Try it: add students and scores, then check top.


15) Common Pitfalls

  • == vs equals: use equals for object content comparison (e.g., String), == for primitives and reference identity.
  • Integer division: cast to double if needed, e.g., (a + b) / 2.0.
  • Nulls: avoid returning null; prefer Optional or empty collections.
  • Mutability leaks: return unmodifiable views or copies, keep fields final when possible.
  • Concurrency: never share mutable state without synchronization; prefer immutable data and high‑level APIs.

16) Exercises

  • Basics: write a method that returns the factorial of n.

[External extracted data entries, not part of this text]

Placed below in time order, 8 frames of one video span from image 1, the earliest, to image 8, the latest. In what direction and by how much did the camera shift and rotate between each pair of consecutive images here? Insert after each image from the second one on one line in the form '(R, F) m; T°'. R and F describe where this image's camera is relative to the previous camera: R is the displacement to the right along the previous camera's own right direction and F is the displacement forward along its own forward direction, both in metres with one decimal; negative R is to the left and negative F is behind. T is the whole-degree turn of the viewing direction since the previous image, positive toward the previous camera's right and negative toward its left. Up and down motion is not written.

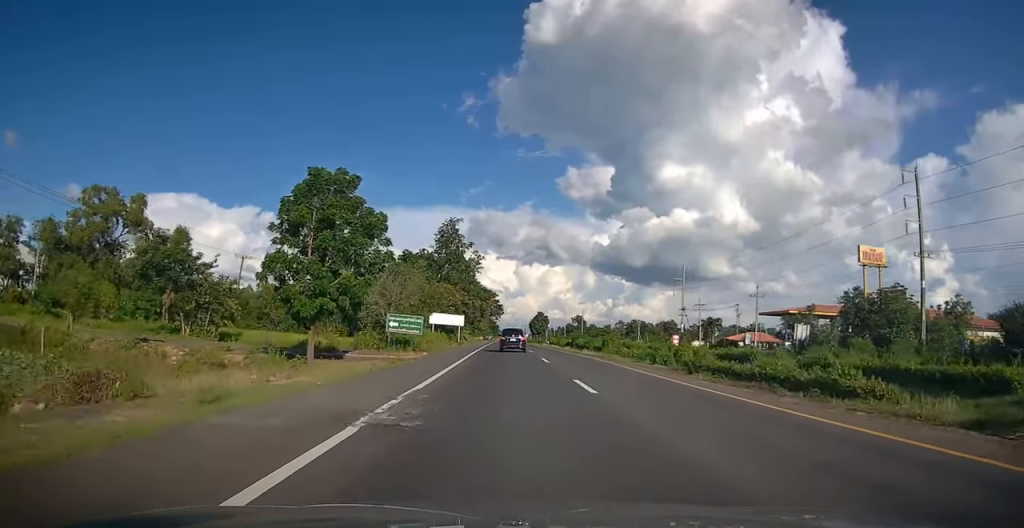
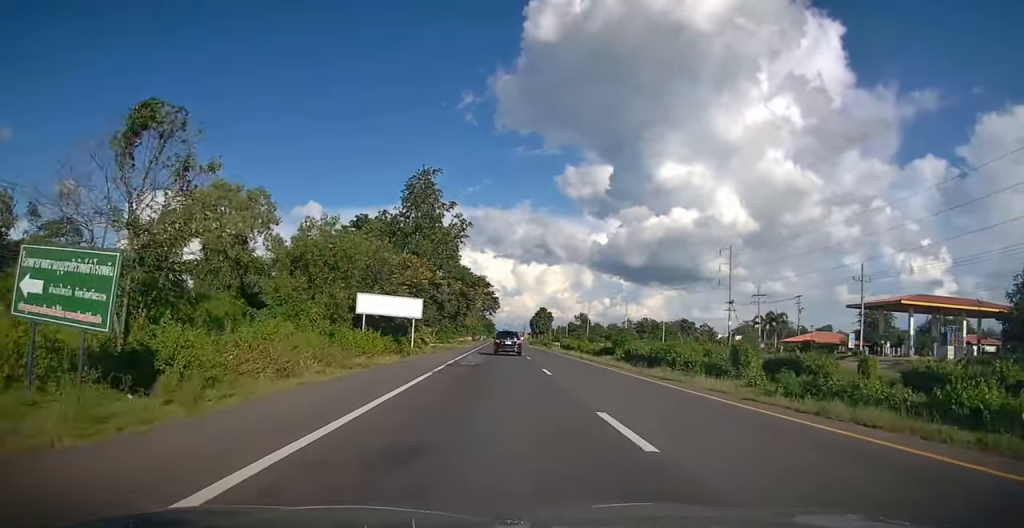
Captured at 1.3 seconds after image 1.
(+0.1, +30.2) m; +1°
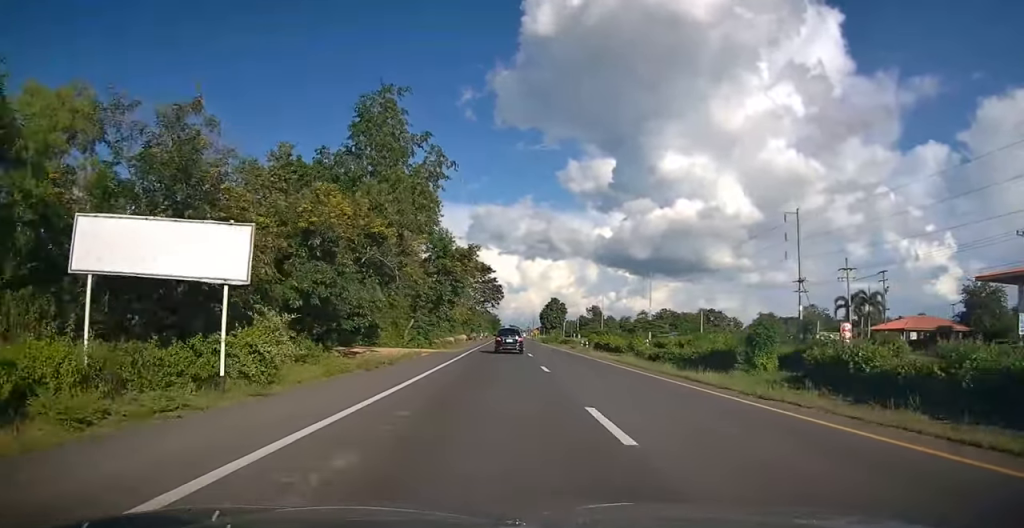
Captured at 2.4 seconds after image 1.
(+0.2, +24.3) m; 0°
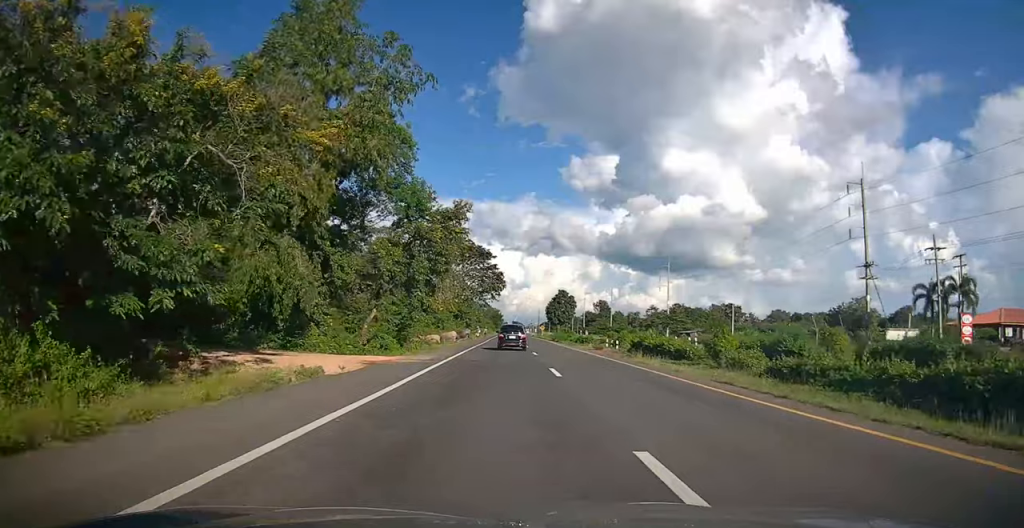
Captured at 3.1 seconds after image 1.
(-0.1, +16.1) m; 0°
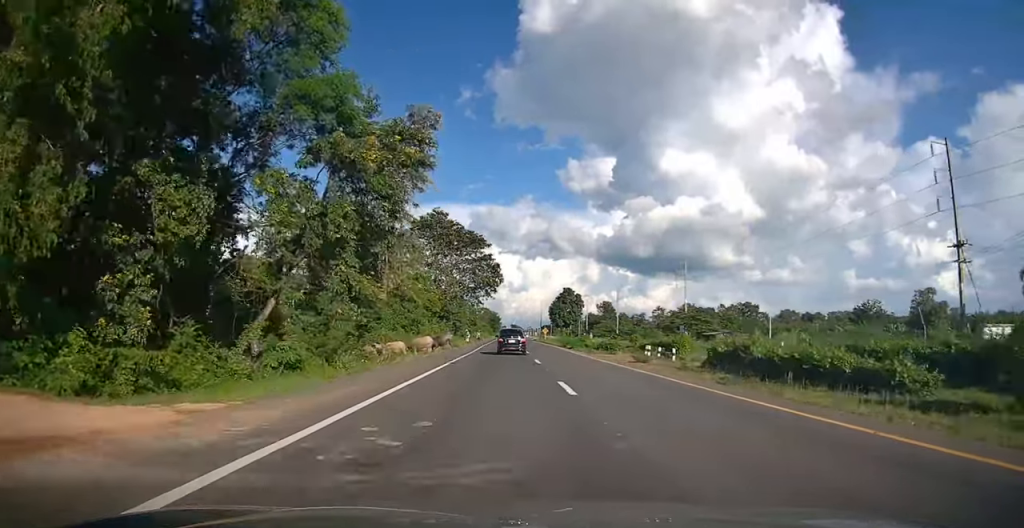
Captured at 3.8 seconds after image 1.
(-0.1, +16.0) m; 0°
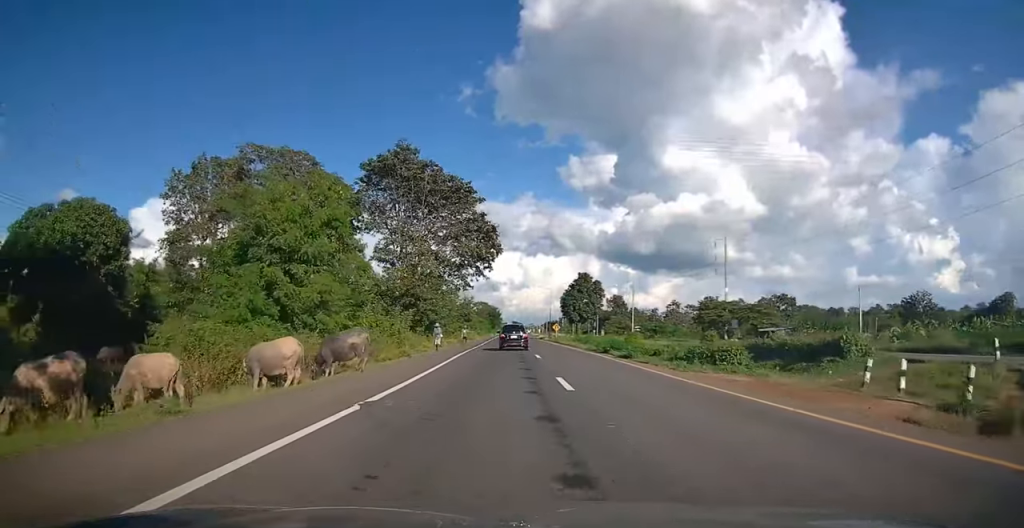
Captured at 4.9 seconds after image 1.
(0.0, +24.1) m; 0°
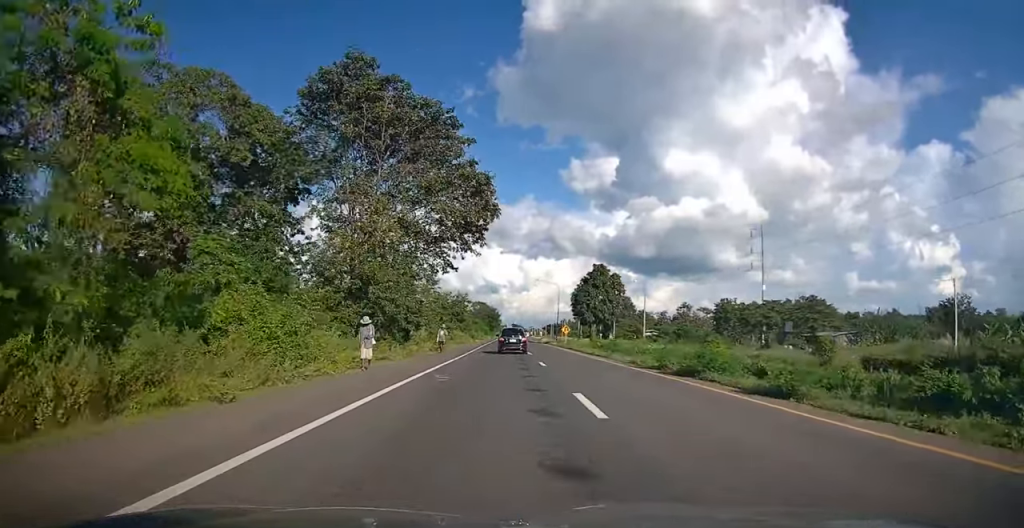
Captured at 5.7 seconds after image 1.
(-0.1, +16.3) m; 0°
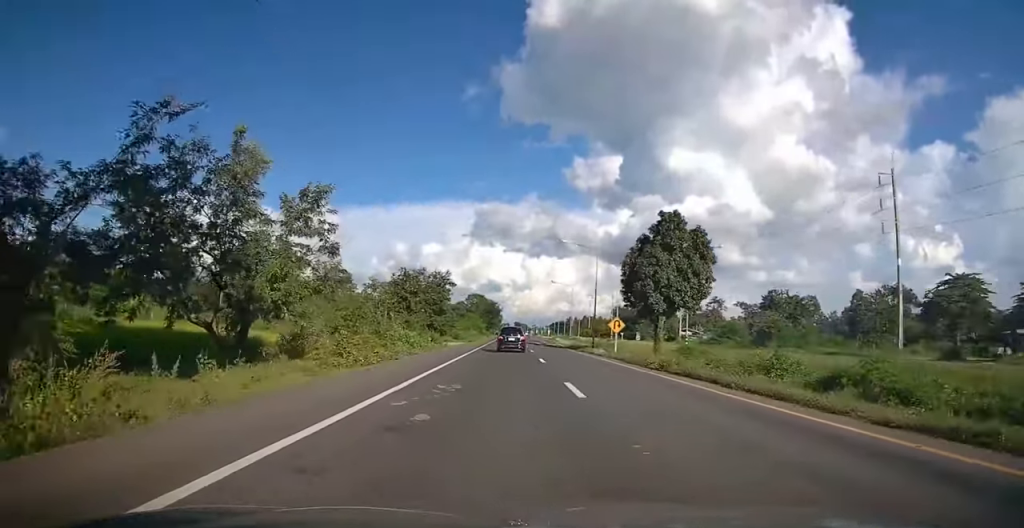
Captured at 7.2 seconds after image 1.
(0.0, +33.8) m; 0°
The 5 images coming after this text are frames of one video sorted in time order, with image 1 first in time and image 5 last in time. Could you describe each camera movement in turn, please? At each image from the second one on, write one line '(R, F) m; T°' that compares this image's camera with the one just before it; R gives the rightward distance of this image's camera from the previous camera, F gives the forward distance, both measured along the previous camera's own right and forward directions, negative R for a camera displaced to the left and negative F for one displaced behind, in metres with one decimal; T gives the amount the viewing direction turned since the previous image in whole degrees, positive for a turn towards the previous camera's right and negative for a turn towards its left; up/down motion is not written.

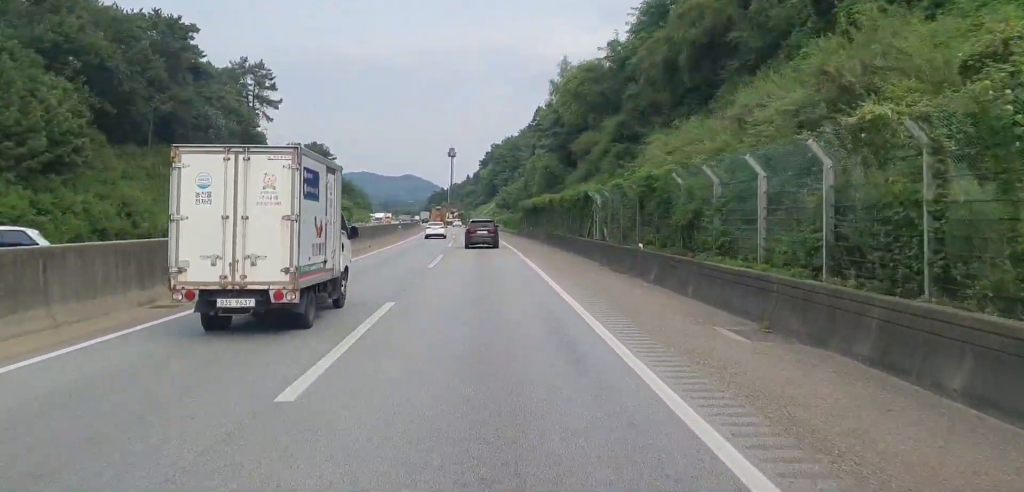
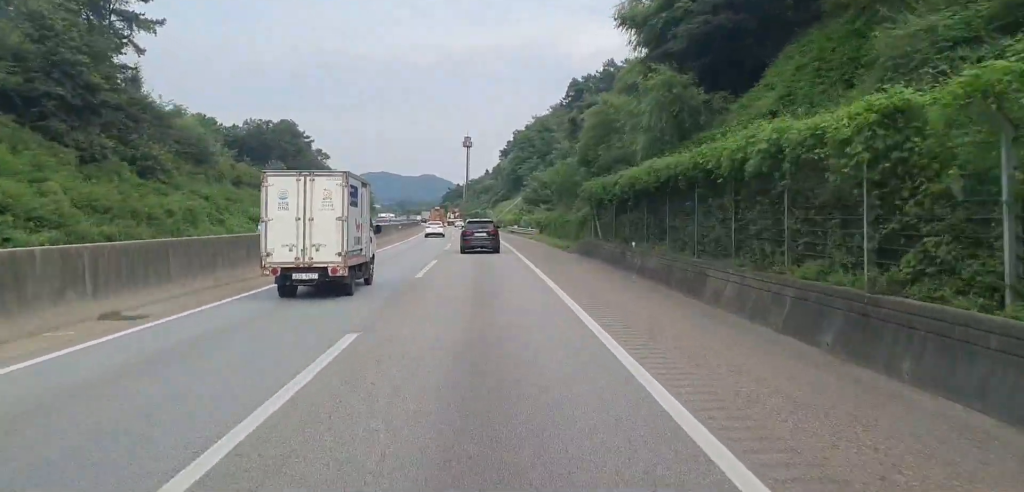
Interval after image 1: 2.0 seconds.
(-1.0, +44.7) m; -2°
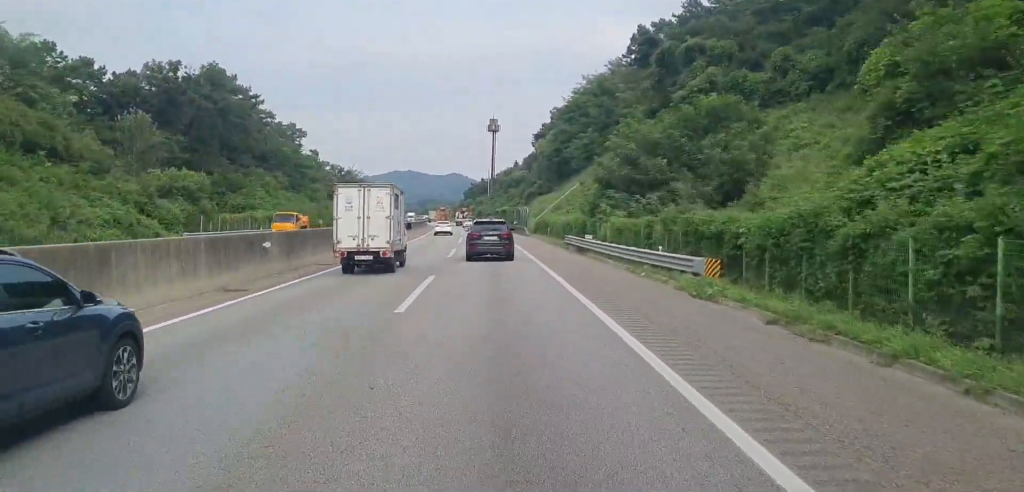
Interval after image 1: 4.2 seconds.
(-0.2, +44.0) m; 0°
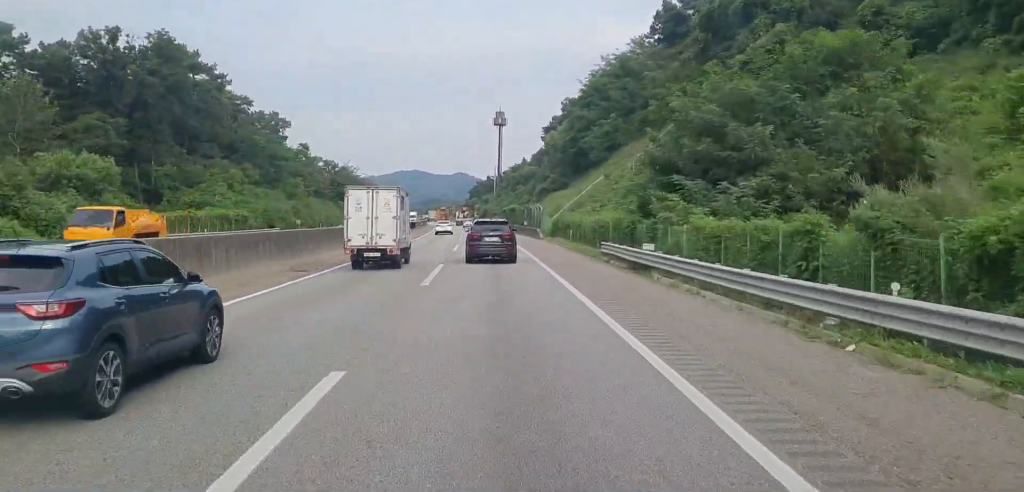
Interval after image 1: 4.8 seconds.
(0.0, +13.6) m; -1°
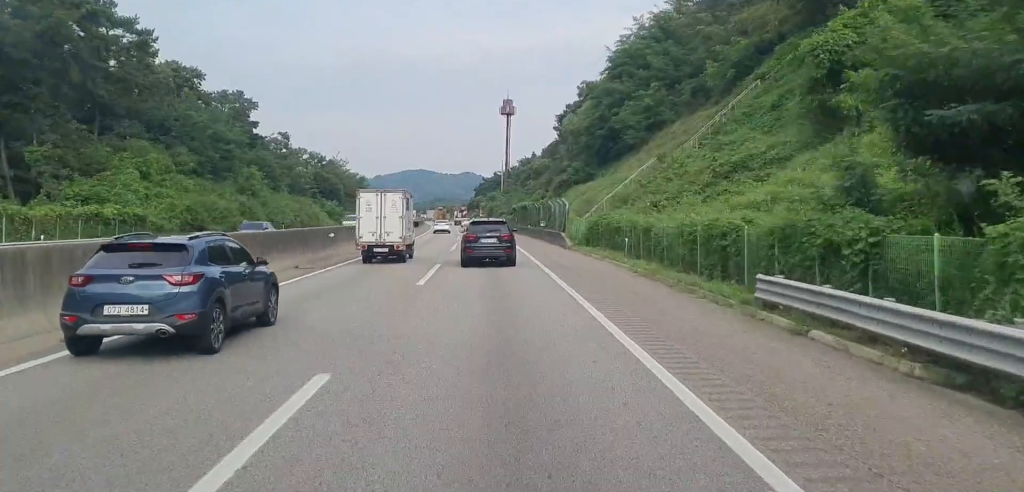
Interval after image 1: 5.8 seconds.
(-0.3, +19.2) m; 0°

Handle n < 0 with an exception.
  • Classes: extend Student to include Map<String,Integer> per‑course scores and compute per‑course averages.
  • Collections: read students.csv and build Map<String, List<Integer>> of scores by id.
  • Streams: given a list of students, produce the top 3 by average and print names.
  • Exceptions: create InvalidGradeException and use it when adding out‑of‑range grades.
  • Concurrency: run 4 tasks that each sleep a random time and return a number; sum results with CompletableFuture.allOf.
  • Testing: add tests for edge cases (empty scores, one score, very large inputs).

17) Next Steps

  • Learn about records (concise immutable data carriers), enums, and sealed classes.
  • Explore the Java Module System for larger apps.
  • Practice with a web stack: Spring Boot or a lightweight HTTP server.
  • Read Effective Java (Joshua Bloch) and Java Language Specification sections as you advance.

Keep building small programs, write tests, and refactor often. Happy coding!